Componentes Vue personalizados na UI gerada — com segurança e regeneração

O que quebra quando você edita uma UI gerada

UIs geradas são feitas para serem reconstruídas. Em plataformas como o AppMaster, o código de aplicações web Vue3 é produzido a partir de construtores visuais. A regeneração é como as mudanças permanecem consistentes entre telas, lógica e modelos de dados.

O problema é simples: se você editar arquivos gerados diretamente, a próxima regeneração pode sobrescrever suas alterações.

Por isso as equipes recorrem ao código personalizado.
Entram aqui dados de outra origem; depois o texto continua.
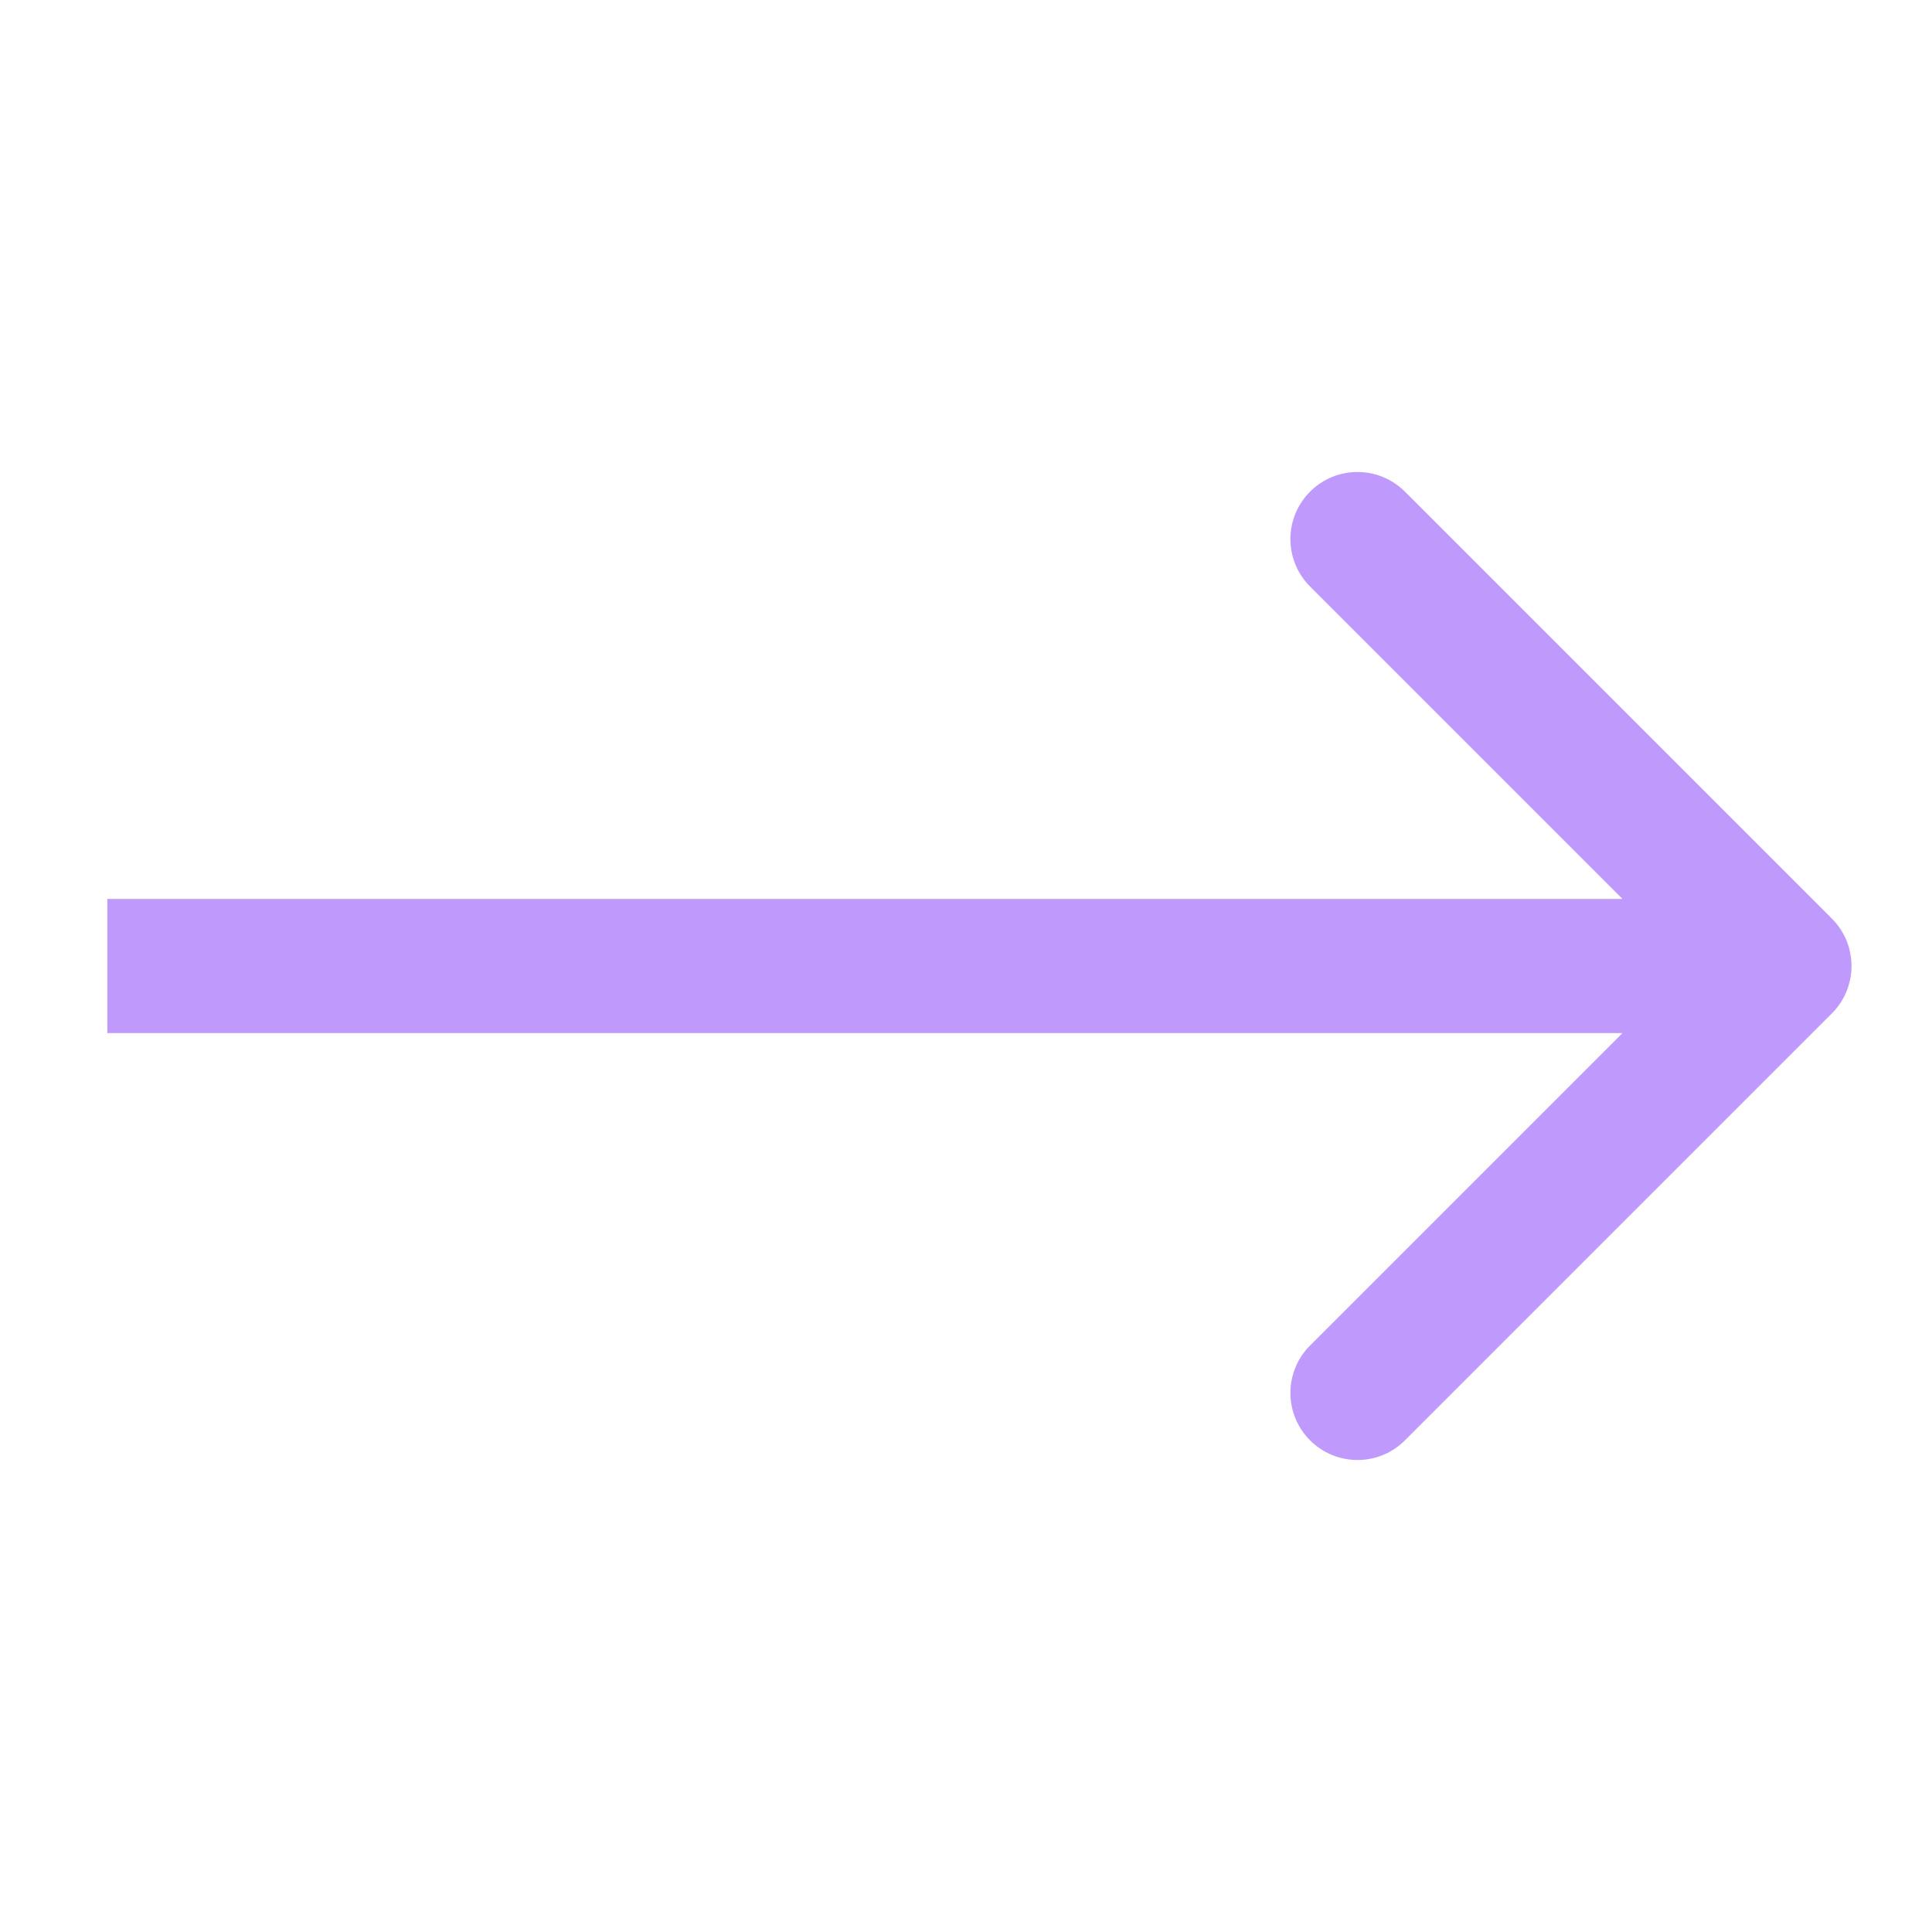<?xml version="1.0" encoding="UTF-8"?> <svg xmlns="http://www.w3.org/2000/svg" width="503" height="503" viewBox="0 0 503 503" fill="none"><path d="M476.927 263.85C483.748 257.029 483.748 245.971 476.927 239.15L365.779 128.002C358.958 121.181 347.9 121.181 341.079 128.002C334.258 134.822 334.258 145.881 341.079 152.701L439.878 251.5L341.079 350.299C334.258 357.119 334.258 368.178 341.079 374.998C347.9 381.819 358.958 381.819 365.779 374.998L476.927 263.85ZM27.945 268.965H464.577V234.035H27.945V268.965Z" fill="#BF99FC"></path></svg> 
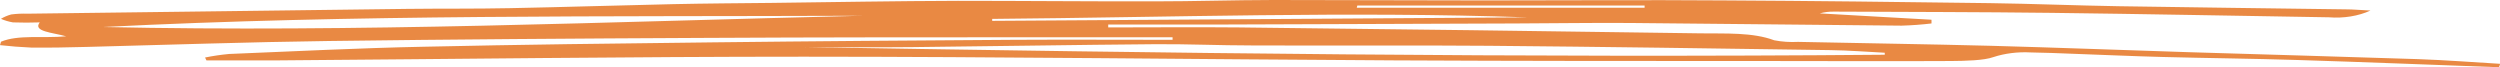 <?xml version="1.0" encoding="UTF-8"?> <svg xmlns="http://www.w3.org/2000/svg" width="409" height="11" viewBox="0 0 409 11" fill="none"><path d="M0.168 6.823C2.986 5.641 6.962 6.29 10.832 5.941C8.592 5.311 5.317 5.166 6.505 3.663C5.044 3.714 3.579 3.714 2.118 3.663C1.415 3.542 0.751 3.345 0.152 3.082C0.639 2.781 1.207 2.538 1.828 2.365C2.695 2.252 3.58 2.21 4.464 2.239C25.172 1.974 45.886 1.712 66.605 1.454C72.166 1.386 77.757 1.454 83.363 1.337C92.306 1.163 101.218 0.872 110.161 0.678C115.508 0.562 120.825 0.533 126.233 0.475C136.41 0.349 146.601 0.165 156.702 0.136C167.366 0.136 178.152 0.242 188.892 0.223C195.352 0.223 201.826 0.01 208.286 0C219.803 0 231.32 0.068 242.838 0.068C255.909 0.068 268.965 -0.029 282.021 0.068C296.539 0.145 310.966 0.32 325.546 0.514C332.569 0.611 339.576 0.901 346.599 1.018C359 1.221 371.417 1.357 383.817 1.531C384.99 1.531 386.148 1.648 387.809 1.725C385.841 2.63 383.407 3.025 380.999 2.83C365.871 2.588 350.759 2.287 335.646 2.103C323.778 1.958 311.895 1.958 300.028 1.9C299.232 1.887 298.441 1.986 297.712 2.19L315.993 3.227V3.838C314.378 4.029 312.744 4.149 311.103 4.196C296.341 4.08 281.563 3.877 266.786 3.76C260.525 3.712 254.248 3.819 247.972 3.838L199.922 4.012C193.706 4.012 187.506 4.012 181.305 4.012V4.487C188.42 4.487 195.534 4.419 202.634 4.487C227.852 4.765 253.05 5.088 278.227 5.456C282.28 5.515 286.728 5.263 290.262 6.59C291.525 6.834 292.848 6.923 294.163 6.852C304.674 7.075 315.201 7.22 325.698 7.492C336.514 7.782 347.3 8.199 358.086 8.538C370.563 8.926 383.056 9.256 395.533 9.672C400.103 9.827 404.521 10.176 409 10.438C409 10.622 408.893 10.806 408.832 11C397.879 10.603 386.925 10.157 375.941 9.818C368.598 9.585 361.225 9.517 353.866 9.323C348.976 9.197 344.086 8.974 339.196 8.8C336.865 8.713 334.534 8.606 332.203 8.577C330.099 8.462 327.987 8.728 326.109 9.343C324.586 9.895 321.539 9.963 319.147 9.982C309.168 10.04 299.19 9.982 289.211 9.982C268.812 9.982 248.413 9.982 228.014 9.876C195.854 9.701 163.695 9.285 131.519 9.275C102.939 9.275 74.375 9.663 45.795 9.876C41.788 9.876 37.782 9.876 33.775 9.876L33.546 9.411C34.833 9.146 36.153 8.951 37.492 8.829C48.065 8.403 58.638 7.86 69.256 7.647C85.024 7.298 100.837 7.104 116.62 6.93C133.027 6.736 149.435 6.619 165.843 6.513C174.511 6.464 183.164 6.513 191.833 6.513V6.096H172.424C153.152 6.096 133.896 6.096 114.639 6.203C94.362 6.3 74.085 6.435 53.808 6.707C40.6 6.881 27.422 7.337 14.199 7.676C11.152 7.753 8.105 7.821 5.058 7.782C3.362 7.707 1.674 7.575 0 7.385L0.168 6.823ZM308.346 8.955V8.626C305.405 8.48 302.45 8.238 299.495 8.199C280.878 7.928 262.262 7.656 243.645 7.492C230.696 7.385 217.746 7.492 204.797 7.434C199.541 7.434 194.27 7.191 189.014 7.23C175.852 7.337 162.674 7.569 149.511 7.705C143.57 7.773 137.628 7.705 131.687 7.705C190.583 8.693 249.449 9.469 308.346 8.955ZM141.041 2.578C99.573 2.743 58.074 2.336 16.834 4.419C58.394 5.321 99.695 3.547 141.041 2.578ZM249.891 2.84C220.702 1.822 191.528 2.84 162.323 3.092V3.411L249.891 2.84ZM222.058 0.901L221.966 1.26H269.056V0.901H222.058Z" fill="#E98943"></path></svg>

Blocos de UI embutidos costumam cobrir formulários e tabelas padrão, mas aplicações reais geralmente precisam de alguns elementos especiais: gráficos complexos, seletores de mapa, editores de texto rico, áreas de assinatura ou planejadores drag-and-drop. Esses são bons motivos para adicionar componentes Vue personalizados, desde que você os trate como complementos, não como edições.

Quando o código personalizado se mistura ao código gerado, as falhas podem aparecer mais tarde e de forma confusa. Você pode não notar até que a próxima alteração de UI force uma regeneração, ou até que um colega ajuste uma tela no editor visual. Problemas comuns incluem:

  • Sua marcação personalizada desaparece porque o template foi regenerado.
  • Imports ou registro quebram porque nomes de arquivos ou estrutura mudaram.
  • Um “pequeno ajuste” vira conflito de merge em todo deploy.
  • Lógica gerada e lógica customizada divergem, fazendo com que casos de borda comecem a falhar.
  • Atualizações ficam arriscadas porque você não sabe o que será substituído.

O objetivo não é evitar customização. É tornar as reconstruções previsíveis. Se você mantiver uma fronteira limpa entre telas geradas e widgets personalizados, a regeneração continua rotineira em vez de estressante.

Uma regra de fronteira que mantém a regeneração segura

Se você quer customização sem perder trabalho, siga uma regra: nunca edite arquivos gerados. Trate-os como saída somente leitura, como um artefato compilado.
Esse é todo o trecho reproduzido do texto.